Na escola faltando dez minutos para abrirem o portão, Satoru se destaca comparado com os pais das outras crianças, algumas mães comentam umas com as outras sussurrando e alguns pais só fazem uma cara feia para Satoru que nem se importa.
O portão se abre e um bando de crianças correm até seus pais, Satoru vai entrando na escola e os professores ficam em alerta, ele procura por Elisa e a acha na porta da diretoria sentada em um banco com a mochila no colo.
— Eae baixinha, hoje eu vim te buscar — ele se agacha perto dela
— Ah! tio Satoru! — ele pula em cima dele
— Você é Satoru Chiba? — Uma mulher de uns trinta anos de óculos com uma roupa bem apertada pergunta.
— Sou, porque? — ele se levanta segurando a garota pela mochila
— O pai de Elise ligou dizendo que vinha — ela se apoia na parede e o olha de cima a baixo — hmm… por a caso… tem planos pra hoje a noite? — ela morde os lábios
— Não, e não quero fazer nada — ele se vira com a garota nos ombros e vai embora deixando-a sozinha.
Quase saindo uma mãe sussurra com uma professora que na mesma hora voa até Satoru.
— Ei , espera aí! Você tem autorização para levar essa garota?! — ela o segura pela camisa
— É claro que tenh… — é a mulher da loja — sabia que isso pode ser considerado perseguição?
— Você?! — ela quase explode, mas toma compostura — …você tem autorização?
— É claro né, se duvida pergunta pra tarada ali — ele aponta pra diretora.
Ele fica no aguardo por alguns minutos, com certeza aquela mãe sabe alguma coisa sobre seu passado, isso com toda certeza deixaria qualquer professora em pânico. Ela se aproxima e ele sente uma áurea de vergonha em sua volta.

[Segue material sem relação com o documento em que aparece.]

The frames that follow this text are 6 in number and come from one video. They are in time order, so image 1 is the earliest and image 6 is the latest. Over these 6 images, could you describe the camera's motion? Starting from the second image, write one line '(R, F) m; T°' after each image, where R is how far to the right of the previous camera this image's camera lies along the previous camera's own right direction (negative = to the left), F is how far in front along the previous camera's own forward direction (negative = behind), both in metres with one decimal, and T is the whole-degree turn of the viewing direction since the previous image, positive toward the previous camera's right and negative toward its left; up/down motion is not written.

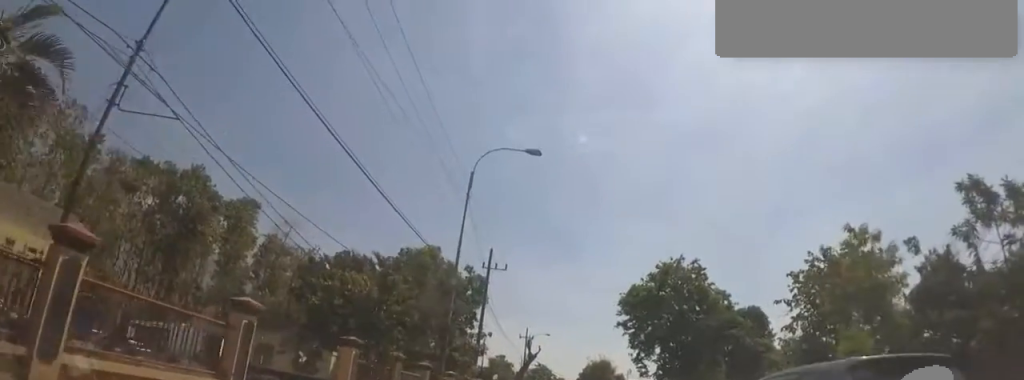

— Me desculpe — ela se prostra
— Só não encham mais meu saco — ele começa a andar e trava, um pensamento arriscado vem em sua mente, mas a dúvida persiste igual criança querendo doce — você era fã dos meus romances, certo?
— A… sim — ela ergue a cabeça
— Eu cancelei a última obra, mas ainda tem algumas anotações jogadas lá em casa, se ainda está com dúvida para onde estou levando ela, pode nos acompanhar — ele segue andando.
— Claro! — Seu rosto parece se iluminar
Os três seguem o caminho, a garota e Satoru ficam conversando e brincando, a mulher só os observa ansiosa para chegar a casa.
— Então… qual o seu nome? — ele a encara
— Atsuko… Atsuko Suzuki — ela aperta sua pasta
— Suzuki? Eu já ouvi esse nome em algum lugar… — ele pensa
Sem demora chegam a casa, Satoru coloca Elisa no chão e pega as chaves, quando está prestes a abrir hesita um pouco…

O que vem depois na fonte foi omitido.